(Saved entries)
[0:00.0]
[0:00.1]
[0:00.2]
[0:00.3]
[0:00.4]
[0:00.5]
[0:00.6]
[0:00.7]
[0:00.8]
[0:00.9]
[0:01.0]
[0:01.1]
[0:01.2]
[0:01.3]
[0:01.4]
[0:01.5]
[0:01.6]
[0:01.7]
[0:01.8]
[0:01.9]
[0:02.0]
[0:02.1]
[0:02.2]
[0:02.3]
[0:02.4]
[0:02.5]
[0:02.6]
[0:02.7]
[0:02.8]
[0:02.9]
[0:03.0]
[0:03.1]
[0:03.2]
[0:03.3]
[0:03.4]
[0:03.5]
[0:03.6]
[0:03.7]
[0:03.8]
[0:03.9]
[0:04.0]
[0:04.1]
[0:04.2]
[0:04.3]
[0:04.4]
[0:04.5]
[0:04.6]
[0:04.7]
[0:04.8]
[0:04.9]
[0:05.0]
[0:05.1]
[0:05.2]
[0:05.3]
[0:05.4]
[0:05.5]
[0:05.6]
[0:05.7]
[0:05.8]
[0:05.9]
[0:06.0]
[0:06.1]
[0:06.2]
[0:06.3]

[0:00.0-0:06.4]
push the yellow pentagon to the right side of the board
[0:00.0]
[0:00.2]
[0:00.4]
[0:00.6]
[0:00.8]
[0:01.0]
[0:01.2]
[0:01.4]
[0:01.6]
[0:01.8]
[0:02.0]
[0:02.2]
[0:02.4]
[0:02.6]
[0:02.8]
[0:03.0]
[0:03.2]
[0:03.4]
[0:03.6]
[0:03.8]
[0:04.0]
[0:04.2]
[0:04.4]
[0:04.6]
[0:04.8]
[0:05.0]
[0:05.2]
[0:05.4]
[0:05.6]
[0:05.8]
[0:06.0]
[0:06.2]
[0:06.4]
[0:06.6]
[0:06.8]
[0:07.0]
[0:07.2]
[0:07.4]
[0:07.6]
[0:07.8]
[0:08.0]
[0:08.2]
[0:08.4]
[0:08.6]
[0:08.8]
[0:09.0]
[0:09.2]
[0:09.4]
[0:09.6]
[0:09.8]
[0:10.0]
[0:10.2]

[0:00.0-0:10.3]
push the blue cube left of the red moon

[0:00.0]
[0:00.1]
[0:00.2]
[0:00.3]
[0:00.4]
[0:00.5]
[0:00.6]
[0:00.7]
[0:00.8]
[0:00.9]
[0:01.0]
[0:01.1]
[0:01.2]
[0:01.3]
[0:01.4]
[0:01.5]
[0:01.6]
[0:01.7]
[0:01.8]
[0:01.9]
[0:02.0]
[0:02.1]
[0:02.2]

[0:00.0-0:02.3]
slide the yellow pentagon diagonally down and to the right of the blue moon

> _WORK REQUIRED_: Using the entries above, please restate each one word for word.

> _RESPONSE AREA_:
[0:00.0]
[0:00.1]
[0:00.2]
[0:00.3]
[0:00.4]
[0:00.5]
[0:00.6]
[0:00.7]
[0:00.8]
[0:00.9]
[0:01.0]
[0:01.1]
[0:01.2]
[0:01.3]
[0:01.4]
[0:01.5]
[0:01.6]
[0:01.7]
[0:01.8]
[0:01.9]
[0:02.0]
[0:02.1]
[0:02.2]
[0:02.3]
[0:02.4]
[0:02.5]
[0:02.6]
[0:02.7]
[0:02.8]
[0:02.9]
[0:03.0]
[0:03.1]
[0:03.2]
[0:03.3]
[0:03.4]
[0:03.5]
[0:03.6]
[0:03.7]
[0:03.8]
[0:03.9]
[0:04.0]
[0:04.1]
[0:04.2]
[0:04.3]
[0:04.4]
[0:04.5]
[0:04.6]
[0:04.7]
[0:04.8]
[0:04.9]
[0:05.0]
[0:05.1]
[0:05.2]
[0:05.3]
[0:05.4]
[0:05.5]
[0:05.6]
[0:05.7]
[0:05.8]
[0:05.9]
[0:06.0]
[0:06.1]
[0:06.2]
[0:06.3]

[0:00.0-0:06.4]
push the yellow pentagon to the right side of the board
[0:00.0]
[0:00.2]
[0:00.4]
[0:00.6]
[0:00.8]
[0:01.0]
[0:01.2]
[0:01.4]
[0:01.6]
[0:01.8]
[0:02.0]
[0:02.2]
[0:02.4]
[0:02.6]
[0:02.8]
[0:03.0]
[0:03.2]
[0:03.4]
[0:03.6]
[0:03.8]
[0:04.0]
[0:04.2]
[0:04.4]
[0:04.6]
[0:04.8]
[0:05.0]
[0:05.2]
[0:05.4]
[0:05.6]
[0:05.8]
[0:06.0]
[0:06.2]
[0:06.4]
[0:06.6]
[0:06.8]
[0:07.0]
[0:07.2]
[0:07.4]
[0:07.6]
[0:07.8]
[0:08.0]
[0:08.2]
[0:08.4]
[0:08.6]
[0:08.8]
[0:09.0]
[0:09.2]
[0:09.4]
[0:09.6]
[0:09.8]
[0:10.0]
[0:10.2]

[0:00.0-0:10.3]
push the blue cube left of the red moon

[0:00.0]
[0:00.1]
[0:00.2]
[0:00.3]
[0:00.4]
[0:00.5]
[0:00.6]
[0:00.7]
[0:00.8]
[0:00.9]
[0:01.0]
[0:01.1]
[0:01.2]
[0:01.3]
[0:01.4]
[0:01.5]
[0:01.6]
[0:01.7]
[0:01.8]
[0:01.9]
[0:02.0]
[0:02.1]
[0:02.2]

[0:00.0-0:02.3]
slide the yellow pentagon diagonally down and to the right of the blue moon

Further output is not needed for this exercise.